Badan Standardisasi Nasional
  • A
  • A

Transisi UMKM Ikuti SNI Masker

  • Senin, 05 Oktober 2020
  • 1335 kali

Transisi UMKM Ikuti SNI masker   

Pemenuhan Standar Nasional Indonesia perihal masker bersifat sukarela. Masyarakat punya beberapa pilihan.

JAKARTA, KOMPAS - Pemerintah menetapkan standar masker kain yang beredar di masyarakat Standar ini dapat diikuti produsen secara sukarela.

Meski demikian, pelaku usaha mikro, kecil, dan menengah atau UMKM yang memproduksi masker memerlukan masa transisi untuk mengikuti standar tersebut.


Ketua Umum Asosiasi UMKM Indonesia (Akumindo) Ikhsan Ingratubun menyebutkan, masa transisi diperlukan pelaku UMKM yang telanjur memproduksi masker, tetapi berpotensi sulit memenuhi standar yang ditetapkan pemerintah. "UMKM yang ingin mengikuti uji pemenuhan standar mesti digratiskan dan jangan dipungut biaya," katanya saat dihubungi, Minggu (4/10/2020).  

Keputusan Kepala Badan Standardisasi Nasional Nomor 408/KEP/BSN/9/2020 menetapkan Standar Nasional Indonesia (SNI) 8914:2020 Tekstil-Masker dari Kain. SNI tersebut dirumuskan Kementerian Perindustrian.

Berdasarkan SNI tersebut, masker diklasifikasikan menjadi tiga jenis, yakni tipe A untuk penggunaan umum, tipe B untuk penggunaan filtrasi bakteri, dan tipe C untuk penggunaan filtrasi partikel. masker mesti terdiri atas minimal dua lapis kain.

Kombinasi bahan paling efektif adalah kain dari serat alam, seperti katun. Kain ini perlu ditambah dua lapisan kain sifon mengandung polyester-spandex dan memiliki kemampuan menyaring partikel.

Khusus masker tipe A, standar daya tembus udara ditetapkan pada ambang 15-65 sentimeter (cm) kubik per cm persegi per detik.
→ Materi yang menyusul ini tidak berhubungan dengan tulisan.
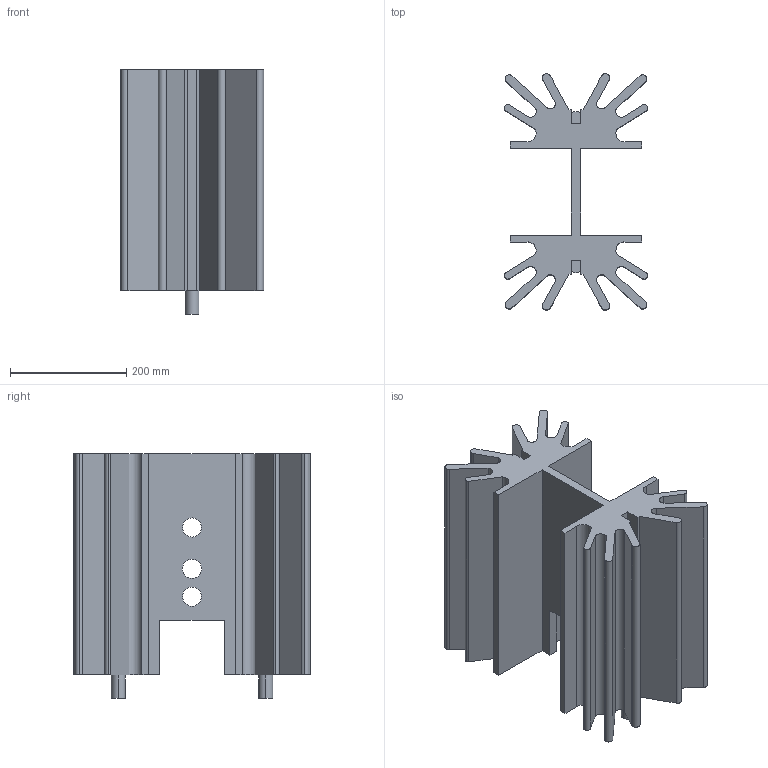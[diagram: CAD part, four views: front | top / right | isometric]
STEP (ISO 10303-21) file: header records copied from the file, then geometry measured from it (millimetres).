
FILE_DESCRIPTION (( 'STEP AP214' ), '1' );
FILE_NAME ('WF1000OK.STEP', '2023-04-26T17:54:35', ( '' ), ( '' ), 'SwSTEP 2.0', 'SolidWorks 2021', '' );
FILE_SCHEMA (( 'AUTOMOTIVE_DESIGN' ));
Length unit declared in the file: centimetre
Products named in the file (1): WF1000OK
Bounding box: 246.83 x 407.05 x 421 mm (x, y, z)
Volume: 12975624 mm3; surface area: 1210751.9 mm2
Topology: 3 solids, 3 shells, 104 faces, 294 edges, 196 vertices
Faces by surface type: plane 58, cylinder 46
Entity records: 4598 total; most frequent: DIRECTION 596, CARTESIAN_POINT 595, ORIENTED_EDGE 588, EDGE_CURVE 294, VECTOR 202, LINE 202, AXIS2_PLACEMENT_3D 197, VERTEX_POINT 196

Untuk ketiga tipe, SNI ini juga menetapkan daya serap masker kurang dari atau sama dengan 60 detik dan kadar formaldehida bebas hingga 75 miligram per kilogram.
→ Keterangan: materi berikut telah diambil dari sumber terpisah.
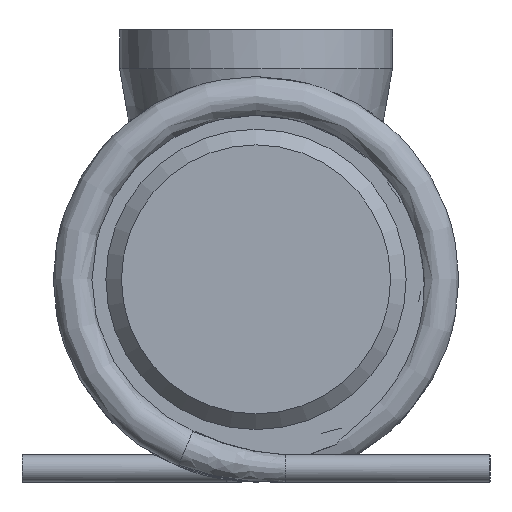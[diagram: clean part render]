
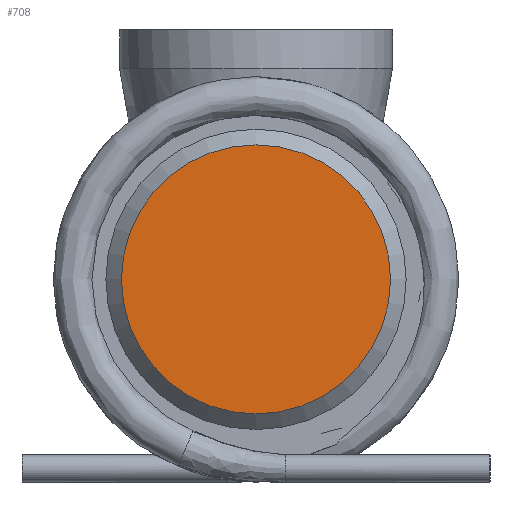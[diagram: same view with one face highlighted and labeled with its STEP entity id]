
A CAD part, left-side view. The second image highlights one B-rep face of the part: STEP entity #708.
In plain terms, the highlighted face is planar.
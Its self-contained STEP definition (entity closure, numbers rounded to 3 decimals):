
#359=ORIENTED_EDGE('',*,*,#461,.F.);
#461=EDGE_CURVE('',#529,#529,#543,.T.);
#529=VERTEX_POINT('',#11045);
#543=CIRCLE('',#908,1.725);
#599=EDGE_LOOP('',(#359));
#655=FACE_BOUND('',#599,.T.);
#668=PLANE('',#913);
#708=ADVANCED_FACE('',(#655),#668,.F.);
#908=AXIS2_PLACEMENT_3D('',#11044,#1006,#1007);
#913=AXIS2_PLACEMENT_3D('',#11052,#1016,#1017);
#1006=DIRECTION('',(0.,1.,0.));
#1007=DIRECTION('',(0.,0.,1.));
#1016=DIRECTION('',(0.,1.,0.));
#1017=DIRECTION('',(0.,0.,1.));
#11044=CARTESIAN_POINT('',(0.,-9.075,0.));
#11045=CARTESIAN_POINT('',(0.,-9.075,1.725));
#11052=CARTESIAN_POINT('',(0.,-9.075,0.));

Sekretaris Jenderal Asosiasi Pertekstilan Indonesia Rizal T Rakhman berpendapat, industri tekstil besar yang memproduksi masker siap mengikuti uji pada ketiga tipe masker tersebut Produk industri kecil dan menengah dapat mengikuti uji masker kain tipe A.

Berdasarkan informasi yang dihimpun, apabila kain masker yang diproduksi berwarna putih dan memiliki dua lapisan, biaya uji yang dibutuhkan berkisar Rp 350.000. 
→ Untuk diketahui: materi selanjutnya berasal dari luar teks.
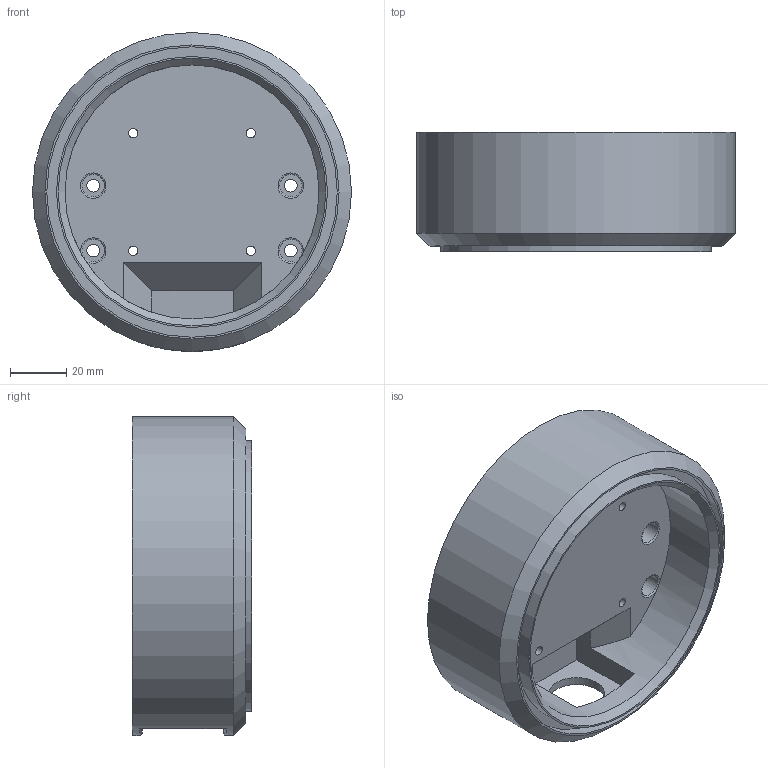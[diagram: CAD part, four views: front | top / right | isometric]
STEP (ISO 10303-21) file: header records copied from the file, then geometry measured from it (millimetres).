
FILE_DESCRIPTION(/* description */ (''),/* implementation_level */ '2;1');
FILE_NAME(/* name */ 'lidarBase_ByronRevisions.step',/* time_stamp */ '2020-03-20T23:17:55-04:00',/* author */ (''),/* organization */ (''),/* preprocessor_version */ 'ST-DEVELOPER v18',/* originating_system */ 'Autodesk Translation Framework v8.12.0.6',/* authorisation */ '');
FILE_SCHEMA (('AUTOMOTIVE_DESIGN { 1 0 10303 214 3 1 1 }'));
Length unit declared in the file: millimetre
Products named in the file (2): lidar base (2); Component1
Assembly tree (1 placements, depth 2):
  lidar base (2)
    Component1
Bounding box: 113.03 x 42.24 x 113.03 mm (x, y, z)
Volume: 249572.9 mm3; surface area: 46544.1 mm2
Topology: 1 solids, 1 shells, 60 faces, 148 edges, 100 vertices
Faces by surface type: plane 25, cylinder 23, torus 10, cone 2
Full cylindrical faces by diameter (mm): 3.2 x2, 3.302 x1, 3.318 x1, 4.5 x4, 8 x4, 10 x4, 20 x1, 90 x1, 96 x1, 102.87 x1, 113.03 x1
Entity records: 1987 total; most frequent: CARTESIAN_POINT 397, DIRECTION 352, ORIENTED_EDGE 296, AXIS2_PLACEMENT_3D 151, EDGE_CURVE 148, VERTEX_POINT 100, EDGE_LOOP 88, CIRCLE 86

SNI yang sama juga menetapkan jumlah kadar logam terekstrasi maksimum. Bagi masker kain yang ingin disebut "antibakteri", ada standar minimum yang harus dipenuhi. Untuk masker yang ingin dinyatakan "andai!-", ada standar ketahanan terhadap pembasahan permukaan minimum melalui uji siram serta kadar perfluor octanesulphonic acid (PFOS) dan asam perfluorooctanoic (PFOA).  

Semakin tinggi kualitas yang ingin disematkan pada produk masker kain, lanjut Rizal, jumlah uji yang harus dijalani semakin banyak. Dia menyebutkan, keseluruhan biaya uji produk untuk berbagai jenis ukuran dan kualitas itu mencapai Rp 8 juta. 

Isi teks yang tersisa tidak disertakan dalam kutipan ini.